# Problème Airdrop entre mac et ipad ou iphone



## rudeboyfred (22 Octobre 2014)

Bonjour

Je ne comprends pas en cliquant sur "airdrop" dans le finder, airdrop ne "voit" ni mon ipad ni mon iphone. Alors que de ipad à iphone il n'y a pas de problème.
Je précise que j'ai activé la fonction sur mes idevice et que le bluetooth et le wifi de mon imac sont activés (wifi sur la même borne).
Config : imac27 late 2009, ipad mini 2 et iphone 5S

Voilà si vous pouvez m'éclairer...
Merci d'avance

---------- Nouveau message ajouté à 07h55 ---------- Le message précédent a été envoyé à 07h46 ----------

Dernière précision : en sélectionnant un fichier et en utilisant l'icône "partager les éléments sélectionnés", il y a une petite fenêtre pop up qui s'ouvre et me signalant : "la personne est introuvable".


----------



## guacas (23 Octobre 2014)

rudeboyfred a dit:


> Bonjour
> 
> Je ne comprends pas en cliquant sur "airdrop" dans le finder, airdrop ne "voit" ni mon ipad ni mon iphone.

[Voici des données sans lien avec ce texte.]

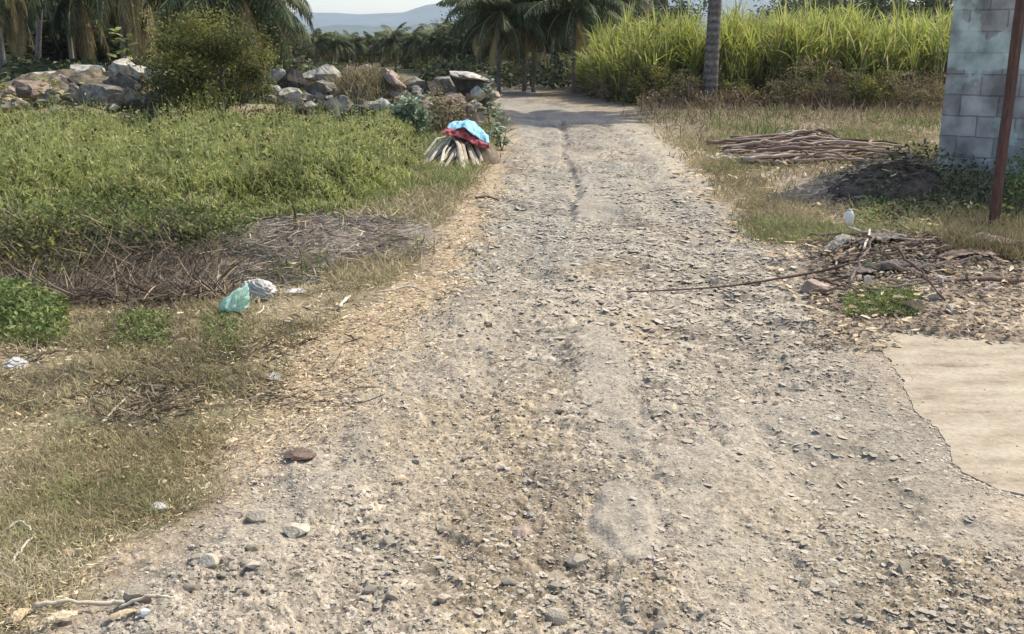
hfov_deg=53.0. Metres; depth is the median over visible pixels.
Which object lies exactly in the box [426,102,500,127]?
soil heap
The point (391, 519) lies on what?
stone
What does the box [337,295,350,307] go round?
dry straw
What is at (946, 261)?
twig
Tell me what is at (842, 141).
stick
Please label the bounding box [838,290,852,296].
rubble piece
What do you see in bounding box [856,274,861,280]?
rubble piece
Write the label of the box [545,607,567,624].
stone
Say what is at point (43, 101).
boulder
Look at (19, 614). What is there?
dry leaf
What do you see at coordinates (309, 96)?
boulder
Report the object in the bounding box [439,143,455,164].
palm stalk
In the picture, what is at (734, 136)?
stick
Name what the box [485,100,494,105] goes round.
boulder
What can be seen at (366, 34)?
palm tree
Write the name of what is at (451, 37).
tree
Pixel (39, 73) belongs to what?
boulder
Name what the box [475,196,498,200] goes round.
dry straw
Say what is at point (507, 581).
stone
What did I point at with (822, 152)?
stick
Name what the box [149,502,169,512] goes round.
stone
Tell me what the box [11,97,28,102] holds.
boulder
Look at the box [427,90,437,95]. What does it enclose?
boulder
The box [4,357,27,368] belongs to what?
plastic scrap
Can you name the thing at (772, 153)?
stick
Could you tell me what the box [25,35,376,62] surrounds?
distant wood
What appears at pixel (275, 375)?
stone
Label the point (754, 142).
stick
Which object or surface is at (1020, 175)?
corner weeds
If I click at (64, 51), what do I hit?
tree
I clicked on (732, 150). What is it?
stick
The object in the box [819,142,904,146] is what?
stick
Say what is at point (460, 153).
palm stalk
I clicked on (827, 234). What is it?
twig
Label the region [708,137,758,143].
stick
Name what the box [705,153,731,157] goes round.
pale stick
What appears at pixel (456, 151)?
palm stalk
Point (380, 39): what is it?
palm tree
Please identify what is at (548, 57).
tree
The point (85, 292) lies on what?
dead brush
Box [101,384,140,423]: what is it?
dry straw
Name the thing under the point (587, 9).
palm tree
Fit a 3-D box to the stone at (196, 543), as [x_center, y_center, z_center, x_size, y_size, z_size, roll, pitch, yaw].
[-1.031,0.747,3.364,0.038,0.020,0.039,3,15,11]
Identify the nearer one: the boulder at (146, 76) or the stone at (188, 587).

Alors que de ipad à iphone il n'y a pas de problème.
> Je précise que j'ai activé la fonction sur mes idevice et que le bluetooth et le wifi de mon imac sont activés (wifi sur la même borne).
> ...



J'ai ouvert une discussion il y a quelques jours, j'ai exactement le même soucis.
Mon MacBook n'est pas reconnu par mon iPhone ni mon iMac mais mon macbook reconnait ces derniers.

Pour ma part là où c'est etrange c'est que si j'allume les 3 appareils sur airdrop en même temps, là mon macbook pro est reconnu.

Je pense que le soucis vient de yosemite sur les MacBook, on verra pour la prochaine maj.


----------